No último dia 26 de fevereiro, o bispo anglicano dissidente Dom Edward Robinson de Barros Cavalcanti e sua esposa, dona Miriam Cavalcanti, foram encontrados mortos em sua casa, na cidade de Olinda/PE. O casal foi assassinado a facadas pelo filho adotivo, Eduardo Olímpio Cavalcanti, 29 anos, dependente químico, que morava nos Estados Unidos desde os 16 anos de idade.

O caso e os antecedentes
Depois de matar os pais, Eduardo tentou suicídio ingerindo veneno e dando facadas no próprio peito – mas, no Hospital da Restauração, no Recife, recebeu cuidados médicos e foi, em seguida, levado pela polícia. Ao delegado do DHPP (Departamento de Homicídio e Proteção à Pessoa), confessou que o longo abandono dos seus pais e seu desprezo o levou a premeditar e cometer o crime.

Eduardo tinha sérios problemas nos EUA. Casado e pai de três filhos, envolvera-se com gangues e tráfico de drogas e estava em processo de deportação para o Brasil, quando resolveu voltar e pedir aos pais que se mudasse com sua família para a residência paterna em Olinda. Diante da recusa, cometeu o brutal derramamento de sangue que levou à morte um dos mais proeminentes clérigos do movimento evangélico no Brasil.

Robinson Cavalcanti era, além de teólogo, cientista político e professor aposentado da Universidade Federal de Pernambuco (UFPE) e da Universidade Federal Rural de Pernambuco (UFRPE).
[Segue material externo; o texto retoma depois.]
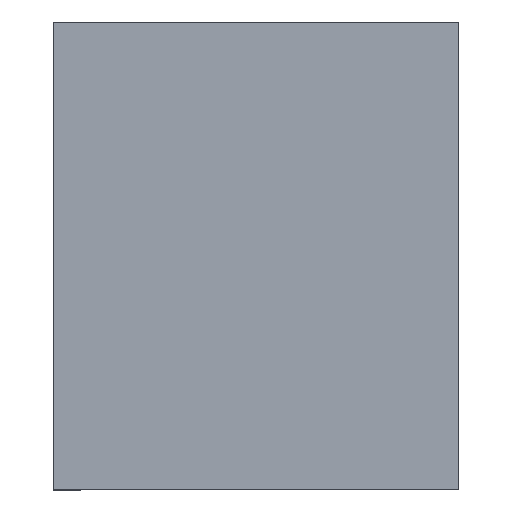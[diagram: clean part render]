
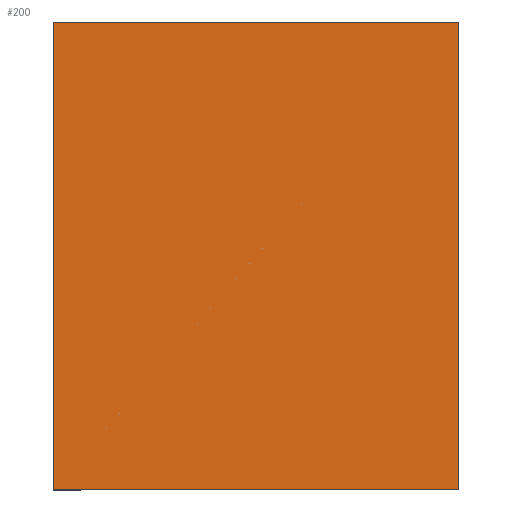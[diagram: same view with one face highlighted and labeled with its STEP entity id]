
A CAD part, left-side view. The second image highlights one B-rep face of the part: STEP entity #200.
In plain terms, the highlighted planar face has unit normal (-1, 0, 0).
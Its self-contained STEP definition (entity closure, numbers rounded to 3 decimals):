
#5 = ORIENTED_EDGE ( 'NONE', *, *, #1015, .F. ) ;
#45 = FACE_OUTER_BOUND ( 'NONE', #508, .T. ) ;
#104 = CARTESIAN_POINT ( 'NONE',  ( -0.3, 0.26, 0.15 ) ) ;
#125 = DIRECTION ( 'NONE',  ( 0., 0., 1. ) ) ;
#147 = EDGE_CURVE ( 'NONE', #1169, #1069, #976, .T. ) ;
#154 = LINE ( 'NONE', #719, #1123 ) ;
#173 = DIRECTION ( 'NONE',  ( 0., -1., 0. ) ) ;
#200 = ADVANCED_FACE ( 'NONE', ( #45 ), #421, .F. ) ;
#207 = CARTESIAN_POINT ( 'NONE',  ( -0.3, 0., -0.15 ) ) ;
#264 = LINE ( 'NONE', #104, #872 ) ;
#298 = ORIENTED_EDGE ( 'NONE', *, *, #147, .T. ) ;
#303 = CARTESIAN_POINT ( 'NONE',  ( -0.3, 0., 0.15 ) ) ;
#338 = LINE ( 'NONE', #716, #1196 ) ;
#404 = CARTESIAN_POINT ( 'NONE',  ( -0.3, 0.26, 0.15 ) ) ;
#421 = PLANE ( 'NONE',  #591 ) ;
#508 = EDGE_LOOP ( 'NONE', ( #298, #5, #622, #1179 ) ) ;
#521 = DIRECTION ( 'NONE',  ( 1., 0., 0. ) ) ;
#546 = DIRECTION ( 'NONE',  ( 0., -1., 0. ) ) ;
#591 = AXIS2_PLACEMENT_3D ( 'NONE', #805, #521, #901 ) ;
#622 = ORIENTED_EDGE ( 'NONE', *, *, #722, .F. ) ;
#676 = EDGE_CURVE ( 'NONE', #681, #1169, #338, .T. ) ;
#681 = VERTEX_POINT ( 'NONE', #1006 ) ;
#716 = CARTESIAN_POINT ( 'NONE',  ( -0.3, 0.26, -0.15 ) ) ;
#719 = CARTESIAN_POINT ( 'NONE',  ( -0.3, 0.26, 0.15 ) ) ;
#722 = EDGE_CURVE ( 'NONE', #681, #1211, #264, .T. ) ;
#792 = CARTESIAN_POINT ( 'NONE',  ( -0.3, 0., 0.15 ) ) ;
#805 = CARTESIAN_POINT ( 'NONE',  ( -0.3, 0.26, 0.15 ) ) ;
#872 = VECTOR ( 'NONE', #952, 1000. ) ;
#901 = DIRECTION ( 'NONE',  ( 0., 0., -1. ) ) ;
#952 = DIRECTION ( 'NONE',  ( 0., 0., 1. ) ) ;
#971 = VECTOR ( 'NONE', #125, 1000. ) ;
#976 = LINE ( 'NONE', #792, #971 ) ;
#1006 = CARTESIAN_POINT ( 'NONE',  ( -0.3, 0.26, -0.15 ) ) ;
#1015 = EDGE_CURVE ( 'NONE', #1211, #1069, #154, .T. ) ;
#1069 = VERTEX_POINT ( 'NONE', #303 ) ;
#1123 = VECTOR ( 'NONE', #173, 1000. ) ;
#1169 = VERTEX_POINT ( 'NONE', #207 ) ;
#1179 = ORIENTED_EDGE ( 'NONE', *, *, #676, .T. ) ;
#1196 = VECTOR ( 'NONE', #546, 1000. ) ;
#1211 = VERTEX_POINT ( 'NONE', #404 ) ;

Foi coordenador do Departamento de Ciências Sociais da UFPE e professor conferencista-visitante na Universidade do Alabama, em Birmingham. Durante as duas campanhas presidenciais de 1989 e 1994, foi coordenador político no Nordeste a favor do então candidato Luiz Inácio Lula da Silva.

As informações acima aparentemente mostram um “homem do nosso tempo”, um intelectual comprometido com as causas sociais e a justiça social e – podemos dizer –, durante certo tempo, realmente foi.

Sagrado bispo pela Igreja Episcopal Anglicana do Brasil (IEAB), comandou a Diocese Anglicana do Recife entre 1997 e 2005, quando dela foi desligado por não aceitar as determinações que a IEAB aceitou da Igreja Episcopal Anglicana dos EUA em relação à aceitação e ordenação de homossexuais ao clero da igreja e à aceitação de membros leigos, dentre outras coisas.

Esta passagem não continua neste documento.